There was an overall BI effect on ΔO₂Hb (P = 0.0022), ΔO₂Hb-unaffected (P = 0.0009), and ΔO₂Hb-affected (P = 0.040). More precisely, LoB patients exhibited a higher activation than HiB in ST_mot for ΔO₂Hb (3.13 ± 1.67 vs. 1.48 ± 1.67 μmol L⁻¹, P = 0.025, Figure 1A) and for ΔO₂Hb-unaffected (1.70 ± 0.85 vs. 0.63 ± 0.92 μmol L⁻¹, P = 0.011, Figure 1B) and in DT for ΔO₂Hb-unaffected (2.18 ± 0.93 vs. 1.06 ± 1.87 μmol L⁻¹, P = 0.036, Figure 1B). No difference was observed for ΔO₂Hb-affected in both LoB and HiB patients (Figure 1C).

FIGURE 1

Figure 1. PFC oxygenation values (A: ΔO₂Hb; B: ΔO₂Hb-unaffected; C: ΔO₂Hb-affected) for LoB (black dots) and HiB (white dots) patients in three tests: ST_cog, ST_mot, and DT (mean ± SD). LoB patients: condition vs. ST_cog (*P < 0.05, **P < 0.01); LoB vs. HiB (overall), ⁺P < 0.05; LoB vs. HiB, ^$P < 0.05, ^$$P < 0.01, ^$$$P < 0.001.

Gait and Cognitive Performances

An overall BI effect was observed on both speed and gait variability. More precisely, speed was higher, and gait variability was lower in HiB patients than in LoB in ST_mot (P = 0.0017 and P = 0.0016, respectively) and in DT (P = 0.0018 and P = 0.0013, respectively) (Table 1).
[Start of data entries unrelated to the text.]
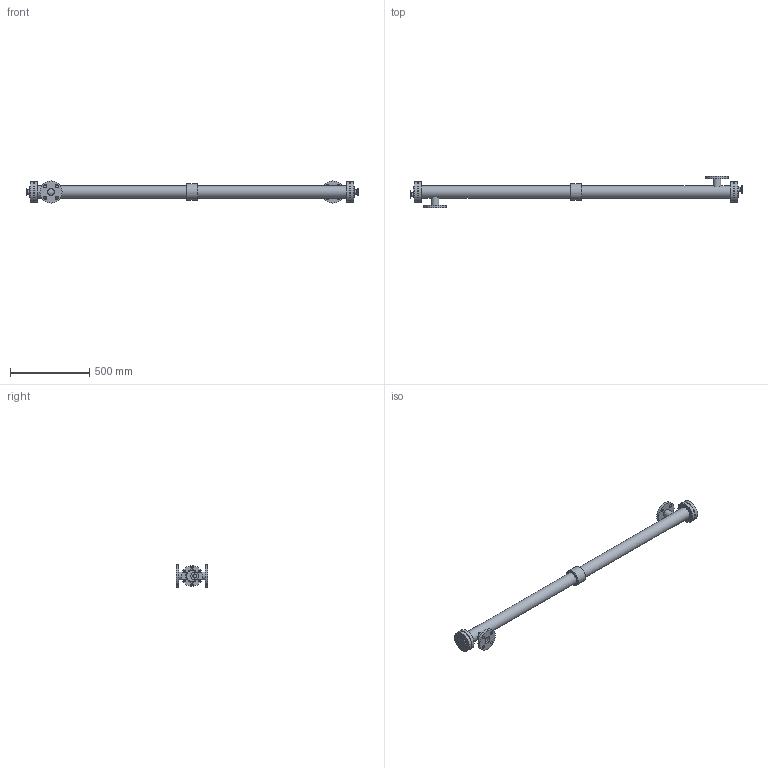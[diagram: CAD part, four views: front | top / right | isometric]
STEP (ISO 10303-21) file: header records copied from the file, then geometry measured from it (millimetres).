
FILE_DESCRIPTION(/* description */ (''),/* implementation_level */ '2;1');
FILE_NAME(/* name */ 'HE30-40A-10.stp',/* time_stamp */ '2024-04-25T09:41:34+09:00',/* author */ ('autocad33'),/* organization */ (''),/* preprocessor_version */ 'ST-DEVELOPER v19.2',/* originating_system */ 'Autodesk Inventor 2023',/* authorisation */ '');
FILE_SCHEMA (('AUTOMOTIVE_DESIGN { 1 0 10303 214 3 1 1 }'));
Length unit declared in the file: millimetre
Products named in the file (1): HE30元-01-07
Bounding box: 2096 x 200 x 140 mm (x, y, z)
Volume: 10744497.9 mm3; surface area: 746826.2 mm2
Topology: 3 solids, 3 shells, 81 faces, 177 edges, 117 vertices
Faces by surface type: cylinder 55, plane 20, cone 4, torus 2
Full cylindrical faces by diameter (mm): 14 x24, 19 x8, 23 x2, 25.4 x2, 43 x2, 48.6 x2, 50.5 x2, 68 x2, 76.3 x2, 103 x1, 132 x4, 140 x2
Entity records: 2693 total; most frequent: CARTESIAN_POINT 641, DIRECTION 442, ORIENTED_EDGE 354, AXIS2_PLACEMENT_3D 192, EDGE_CURVE 177, EDGE_LOOP 160, VERTEX_POINT 117, CIRCLE 110
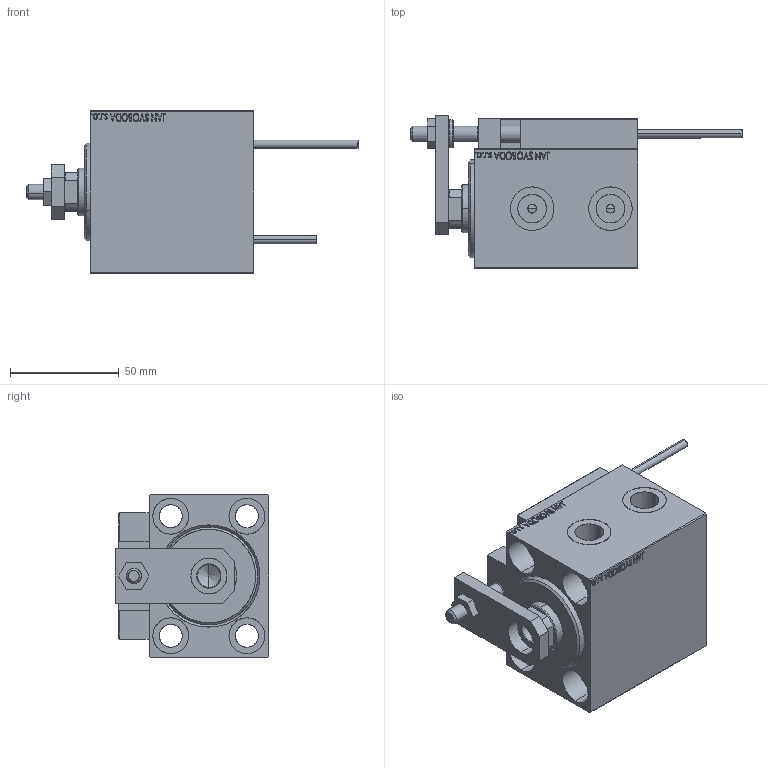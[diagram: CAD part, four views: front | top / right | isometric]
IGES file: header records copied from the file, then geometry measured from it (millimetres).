
Start section: SolidWorks IGES file using analytic representation for surfaces
Global section: file name: 2ae8.IGS; native system: SolidWorks 2019; preprocessor: SolidWorks 2019; author: Model3D; date: 220417.125330; units: millimetre
Bounding box: 152.7 x 70.5 x 75 mm (x, y, z)
Surface area: 87652.3 mm2 (no closed solid volume)
Topology: 0 solids, 0 shells, 1299 faces, 17846 edges, 17840 vertices
Faces by surface type: bspline 989, revolution 310

There was no BI effect on cognitive performance across all conditions.

Effects of DT

No difference between ST and DT on PFC oxygenation was observed for the whole population (HiB and LoB patients pooled together) and for the HiB group (separately). In LoB patients, ΔO₂Hb and ΔO₂Hb-unaffected were lower in ST_cog than in DT (P < 0.05 and P < 0.01, respectively). In LoB patients, ΔO₂Hb-unaffected was lower in ST_cog than in ST_mot (P = 0.028, Figure 1B).

No difference was observed between ST_mot and DT on gait parameters (except a trend for gait variability, P = 0.085) for all population. However, gait variability was higher in DT than in ST_mot for HiB patients only (P = 0.039).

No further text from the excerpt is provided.